WASHINGTON, Jan. 3 (Xinhua) -- American scientists reported that tiny tube-like protrusions called primary cilia on cells of the retinal pigment epithelium (RPE) -- a layer of cells in the back of the eye -- are essential for the survival of the retina's light-sensing photoreceptors.
The discovery, newly released on Cell Reports, advanced efforts to make stem cell-derived RPE for transplantation into patients with dry age-related macular degeneration (AMD), a common disease for the old people in both America and China.
"We now have a better idea about how to generate and replace RPE cells, which appear to be among the first type of cells to stop working properly in AMD," said Kapil Bharti, the study's lead investigator at the National Eye Institute, part of the U.S. National Institutes of Health (NIH).
In a healthy eye, RPE cells nourish and support photoreceptors, the cells that convert light into electrical signals that travel to the brain via the optic nerve. In AMD, RPE cells die, which causes photoreceptors to degenerate, leading to vision loss.
Bharti and his colleagues are hoping to halt and reverse the progression of geographic atrophy by replacing diseased RPE with lab-made RPE. The approach involves using a patient's blood cells to generate induced-pluripotent stem cells that are capable of becoming any type of cell in the body.
But in an attempt to create functional implants, RPE cells always get developmentally stuck, Bharti said.

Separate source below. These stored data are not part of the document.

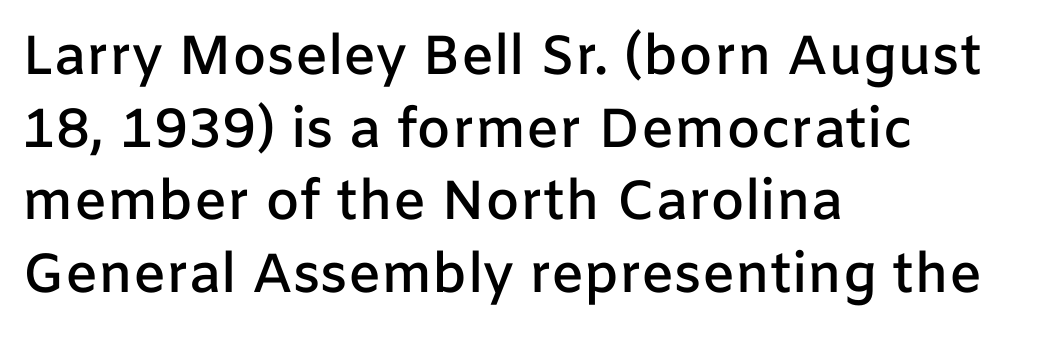
{"serif": "no", "italic": "no", "bold": "semi", "weight": "semibold", "width": "normal", "stroke_contrast": "low", "x_height": "medium", "monospaced": "no", "underline": "no", "align": "left", "line_spacing": "normal", "line_spacing_ratio": 1.32, "letter_spacing": "normal", "letter_spacing_em": 0.0, "glyph_px": 55}
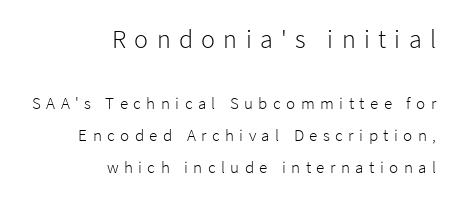
Layout note: lines flush right. The gaps between neighbouring characters are conspicuously large. You get the large type first, then a drop to smaller type. Descenders are the only things crossing below the line. This is roman type, the default non-slanted kind. The cut favours lightness, reaching ordinary text weight at its darkest.
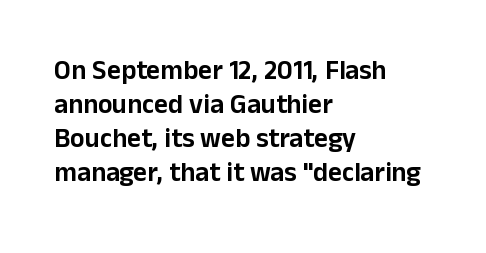
Q: Is the text italic (slanted)? A: No, it is upright.
Q: Is the text underlined? A: No.
Q: How is the paragraph aligned? A: Left-aligned.
Q: Is the spacing between letters normal or unusually wide? A: Normal.
Q: Is the spacing between lines tight, normal or loose? A: Normal.

"The cells frequently fail to mature into functional RPE capable of supporting photoreceptors. In cases where they do mature, however, RPE maturation coincides with the emergence of primary cilia on the iPSC-RPE cells," Bharti said.
The researchers tested two drugs known to enhance cilia growth and they significantly improved RPE's structural and functional maturation and the cells performed a crucial function of mature RPE cells -- they engulfed the tips of photoreceptor outer segments, a pruning process that keeps photoreceptors working properly.
By contrast, stem cell-derived RPE cells exposed to an inhibitor of cilia growth, demonstrated severely disrupted structure and functionality.
The report suggests that primary cilia regulate the suppression of a cell signaling pathway involved in embryonic development. Suppression of the pathway called WNT instructs the cells to stop dividing and to begin differentiating into adult RPE, according to the researchers.
Bharti is leading the development of patient stem cell-derived RPE for an AMD clinical trial set to launch in 2018.